TASK BRIEF. Would you please restate the data exactly as it stands, apart from the pictures?

[Stored dataset items]
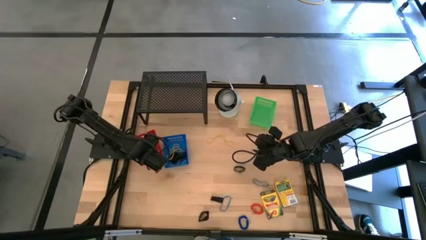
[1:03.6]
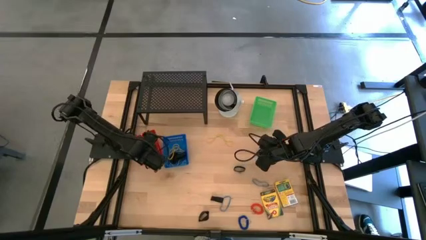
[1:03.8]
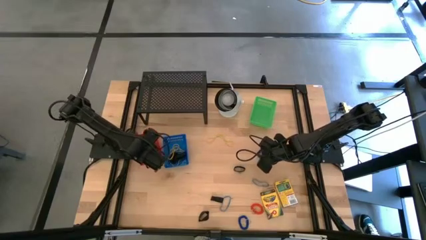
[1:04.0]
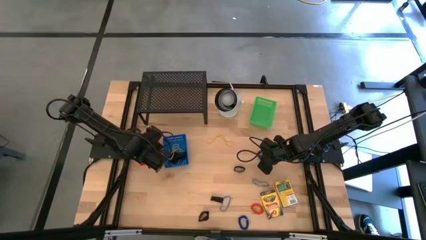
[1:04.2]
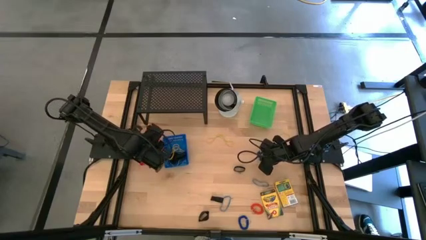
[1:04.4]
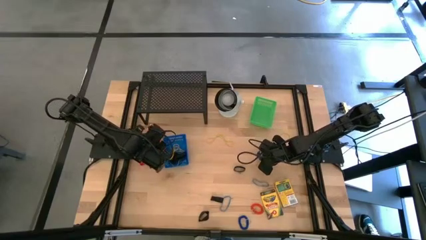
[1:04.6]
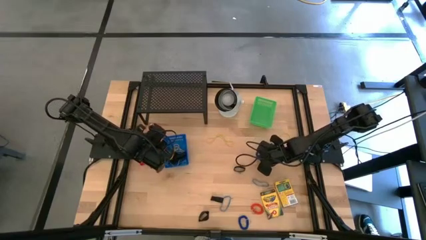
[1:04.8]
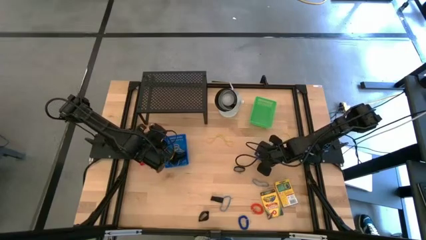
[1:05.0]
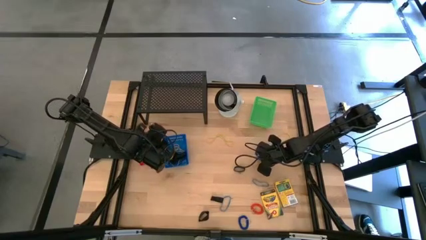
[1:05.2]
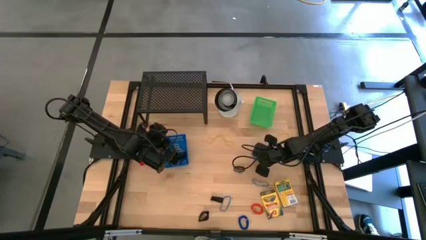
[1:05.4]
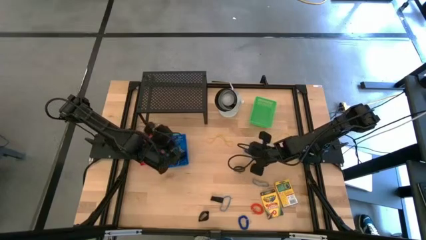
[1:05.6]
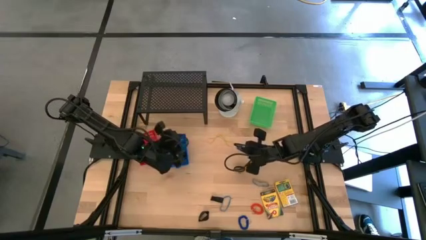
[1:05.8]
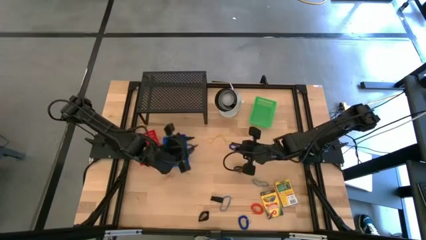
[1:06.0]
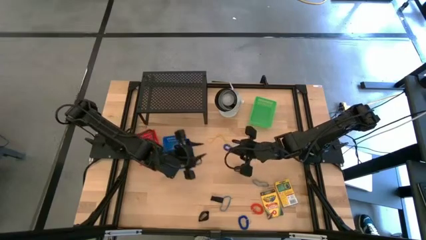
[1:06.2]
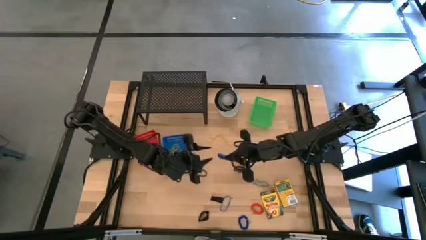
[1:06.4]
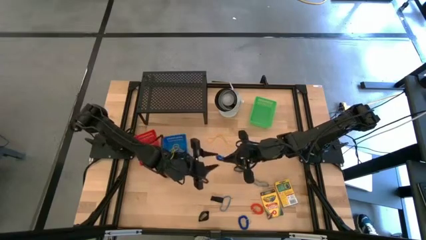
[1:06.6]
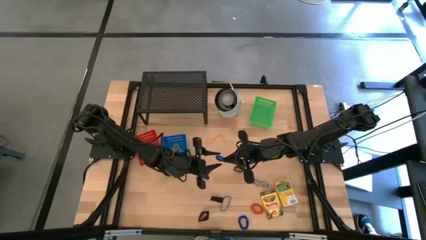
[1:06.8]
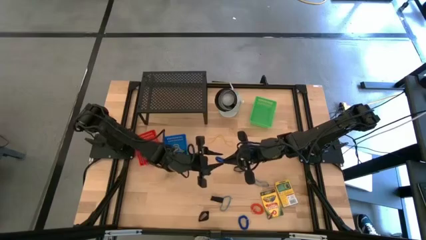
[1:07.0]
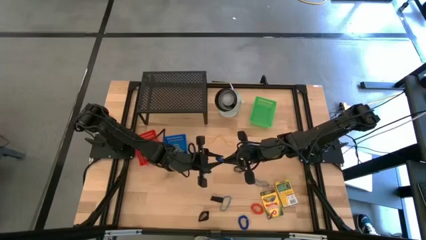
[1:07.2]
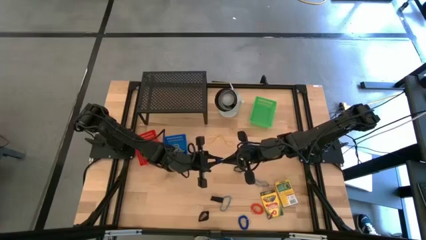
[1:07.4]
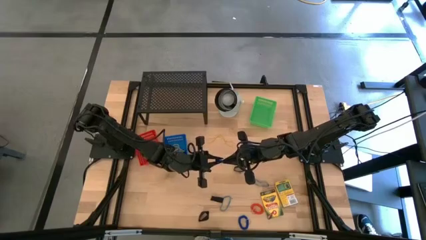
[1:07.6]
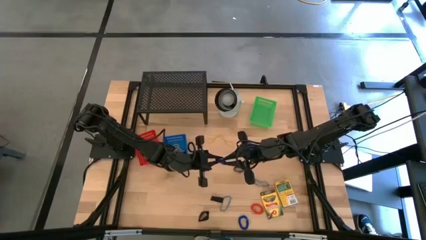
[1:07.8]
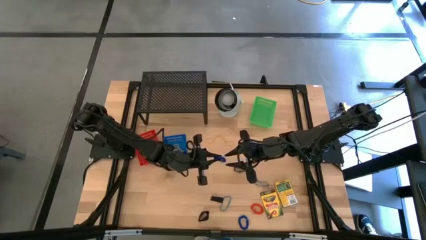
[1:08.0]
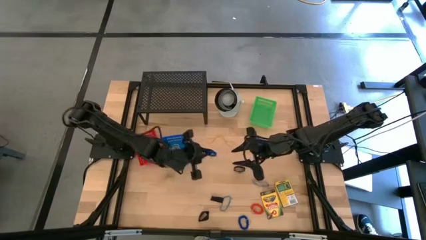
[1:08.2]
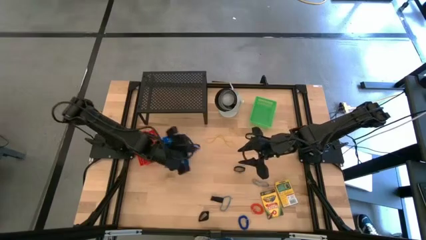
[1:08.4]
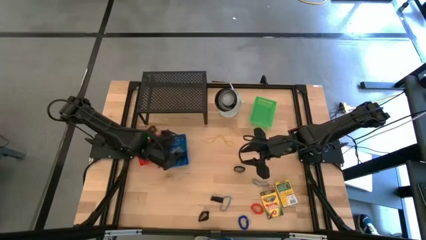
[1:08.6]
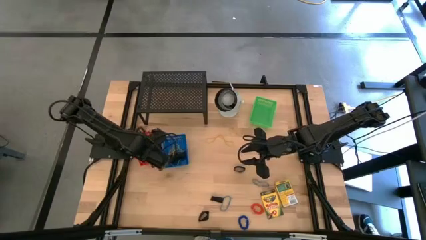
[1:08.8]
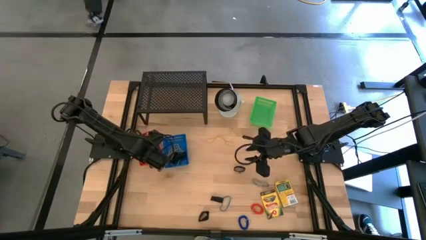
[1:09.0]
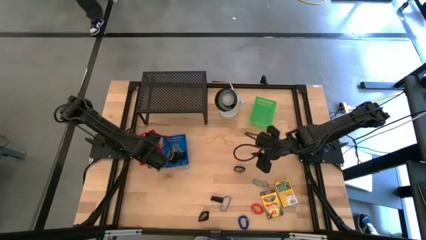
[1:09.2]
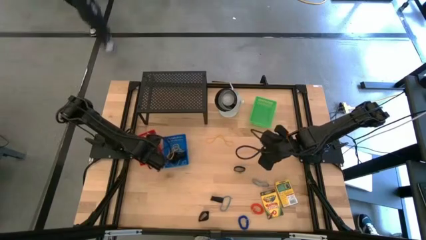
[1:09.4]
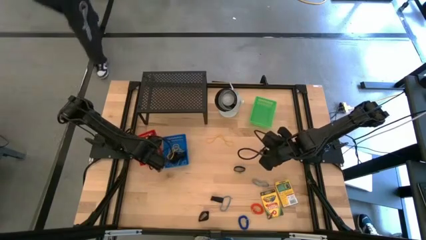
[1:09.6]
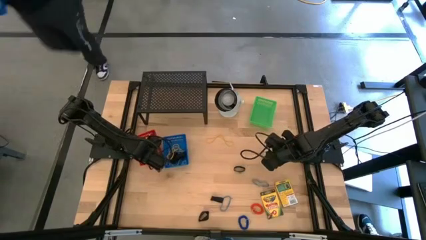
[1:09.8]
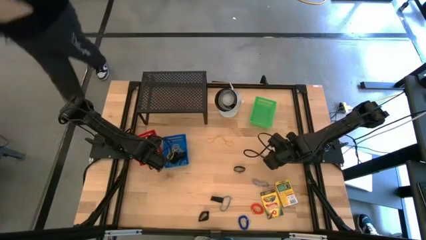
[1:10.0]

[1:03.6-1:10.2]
Task: Pick & Place Office Desk Supplies
Put the blue spring keychain into the red bin

ANSWER AREA.
[1:03.6]
[1:03.8]
[1:04.0]
[1:04.2]
[1:04.4]
[1:04.6]
[1:04.8]
[1:05.0]
[1:05.2]
[1:05.4]
[1:05.6]
[1:05.8]
[1:06.0]
[1:06.2]
[1:06.4]
[1:06.6]
[1:06.8]
[1:07.0]
[1:07.2]
[1:07.4]
[1:07.6]
[1:07.8]
[1:08.0]
[1:08.2]
[1:08.4]
[1:08.6]
[1:08.8]
[1:09.0]
[1:09.2]
[1:09.4]
[1:09.6]
[1:09.8]
[1:10.0]

[1:03.6-1:10.2]
Task: Pick & Place Office Desk Supplies
Put the blue spring keychain into the red bin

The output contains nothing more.